彼にはまだ、双極性障害のことは伝えていません ※画像はイメージです(buritora/stock.adobe.com)
彼にはまだ、双極性障害のことは伝えていません ※画像はイメージです(buritora/stock.adobe.com)

「30代、女性です。数年前に双極症2型と診断されて心療内科に通院しています。最近はお薬と定期的なカウンセリングで症状は安定しています。仕事は調子を崩すことがありつつも、なんとか続けています。以前、マッチングアプリで知り合った方と何度か食事などしてデートしたのですが、先日、彼から付き合ってほしいと告白されました。

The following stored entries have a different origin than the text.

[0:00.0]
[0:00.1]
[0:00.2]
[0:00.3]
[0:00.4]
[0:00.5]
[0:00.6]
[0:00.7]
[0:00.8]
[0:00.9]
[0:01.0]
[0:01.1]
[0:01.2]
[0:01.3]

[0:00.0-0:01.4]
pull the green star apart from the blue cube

しかし彼にはまだ、障害のことは伝えていません。きちんとお付き合いを始める前に、自分の障害についてきちんと伝えるべきか悩んでいます…」

双極症2型(双極性障害2型=そうきょくせいしょうがいにがた)は、軽躁状態とうつ状態を繰り返す精神疾患です。1型より躁の症状は軽い一方で、うつの期間が長く続くことが多く、生活や仕事に影響を及ぼすことがあります。治療や心理的サポートで症状を安定させることが大切です。

精神疾患や内部障害のような「目で見てわからない障害」を抱える人にとって、どんなシチュエーションでも、その障害を人に伝えることは、大きな葛藤の一つです。特に恋愛相手などには、なおさらです。

■どうしてカミングアウトする・しないで悩むのか?

他人から見て明らかに「障害者である」と分かりづらい場合、その当事者が障害のことをカミングアウトするには様々な葛藤があります。具体的には、下記のような葛藤を抱く方が多いです。

不安と不確実性

最も大きな要因は、相手の反応に対する不安です。ご相談者様のような双極症に対する認知は向上しているとはいえ、まだ誤解や偏見が完全に払拭されたわけではありません。

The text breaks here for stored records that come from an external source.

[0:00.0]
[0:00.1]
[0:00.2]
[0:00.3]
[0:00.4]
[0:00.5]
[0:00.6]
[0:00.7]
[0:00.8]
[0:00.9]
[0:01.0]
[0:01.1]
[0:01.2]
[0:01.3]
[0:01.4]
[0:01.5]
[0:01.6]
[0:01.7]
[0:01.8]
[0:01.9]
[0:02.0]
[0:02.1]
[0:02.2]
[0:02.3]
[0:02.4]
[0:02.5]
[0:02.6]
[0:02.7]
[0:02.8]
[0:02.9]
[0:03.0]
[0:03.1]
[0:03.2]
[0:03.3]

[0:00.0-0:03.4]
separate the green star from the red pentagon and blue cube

「もし、病気を理由に離れていってしまったらどうしよう」という”せっかく良いご縁があったのにその関係を失うリスクを避けたい”と考えるのは自然なことです。また、病気について説明しても、正しく理解してもらえないのではないか、あるいは過剰に心配されたり、腫れ物に触るように扱われたりするのではないか、という懸念もあります。

自己評価とスティグマ(社会的な偏見・差別)

双極症は病気であり、健康な人々とは異なる状態であるという自己認識が、「自分は普通ではない」「相手に負担をかけるのではないか」という感情に繋がり、カミングアウトを躊躇させる要因となることがあります。

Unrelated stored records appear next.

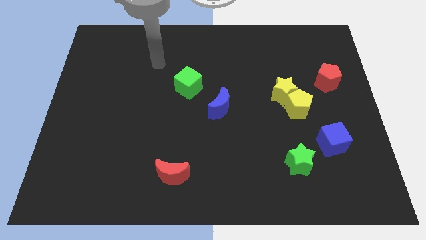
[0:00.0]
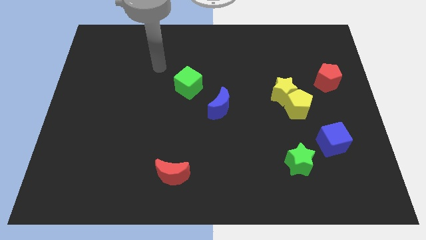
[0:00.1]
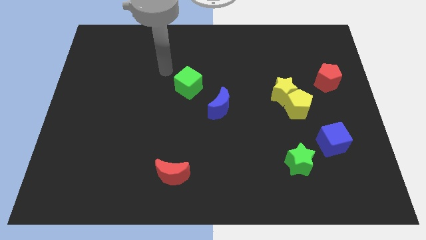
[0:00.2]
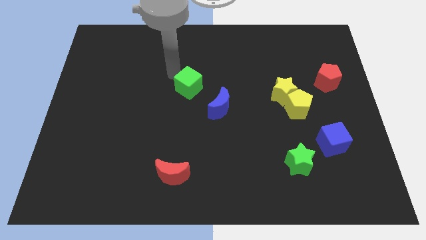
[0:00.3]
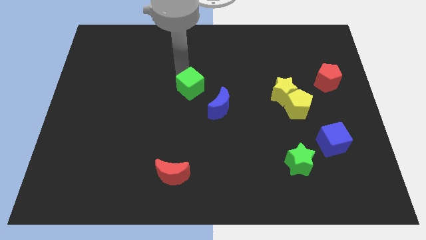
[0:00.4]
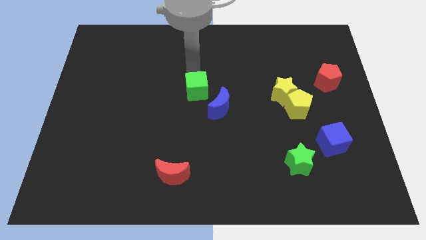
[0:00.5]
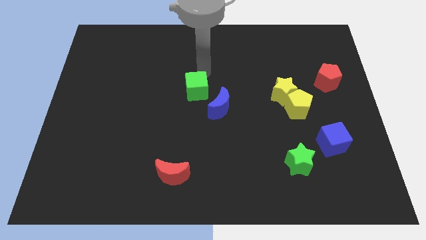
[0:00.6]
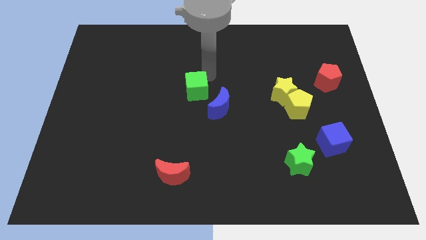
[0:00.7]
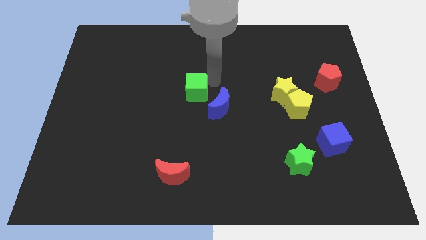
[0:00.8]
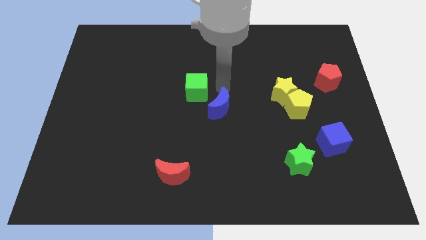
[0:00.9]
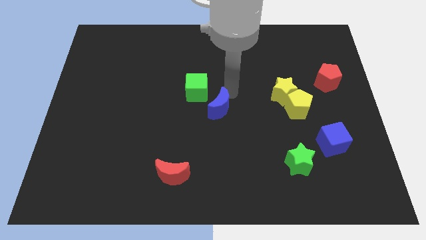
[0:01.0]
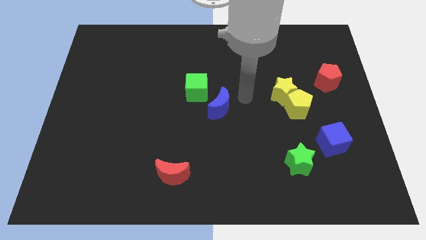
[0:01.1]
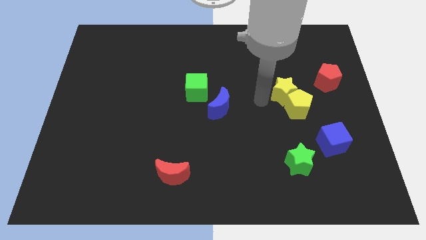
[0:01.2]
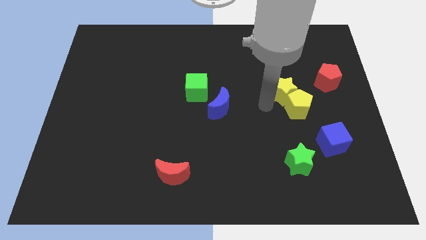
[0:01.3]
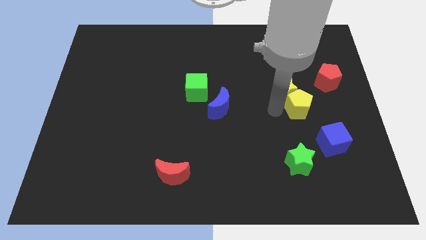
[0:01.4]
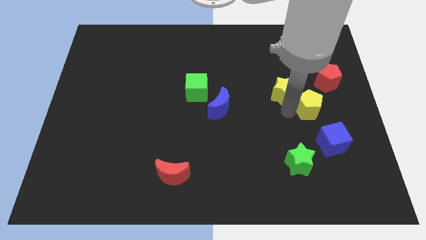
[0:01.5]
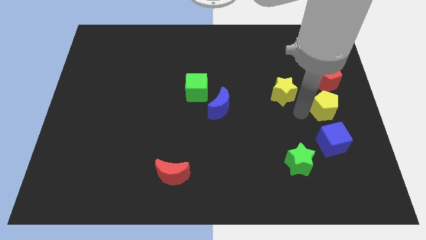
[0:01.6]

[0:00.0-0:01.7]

また、精神疾患には未だにスティグマ(社会的な偏見や差別的な見方)が存在します。カミングアウトすることで、相手から「病気の人」というレッテルを貼られることへの抵抗感や、将来的な関係性や社会生活に影響を及ぼすことへの懸念もあるでしょう。

相手への配慮

相手を大切に思う気持ちがあるからこそ、自身の病気についてカミングアウトすることで、余計な心配や負担をかけてしまうのではないか、という優しい気持ちがあるかもしれません。

さらに、せっかく育ち始めた良い関係を、自身の病気という「重い情報」で台無しにしたくない、という思いもあるでしょう。

タイミングの難しさ

「いつ」開示するのかというタイミングも、重要な点です。早すぎるカミングアウトは、相手が情報を消化しきれずに”引いて”しまうかもしれない、という不安があります。

逆に遅すぎるカミングアウトでは、相手が「なぜもっと早く言ってくれなかったのか」と感じ、信頼を失う可能性がある、という懸念もあります。

■カミングアウトする・しないのメリット・デメリット

カミングアウトすることが、必ず正しいとかメリットが多い、ということはありません。逆もしかりです。自身にとって、カミングアウトすることにどんな意味があるのか、またどんな影響があるのかを、少し俯瞰で見て考えてみることも必要でしょう。

カミングアウトしないことの影響として、自身の状態を隠し続けることを「罪悪感」として受け止めてしまい、精神的なストレスになる可能性が高いでしょう。一方で一般的な恋愛関係と同様に、関係性を自然に進展させることができる可能性もあります。

またカミングアウトした場合、もし相手が受け入れてくださらなかった時には大きな喪失感となり、恋愛に対する否定的な経験として記憶に残ってしまいます。逆に相手が受け入れてくださった場合、それは深い絆となり、長期的な関係性を築くうえでの強固な礎にもなり得ます。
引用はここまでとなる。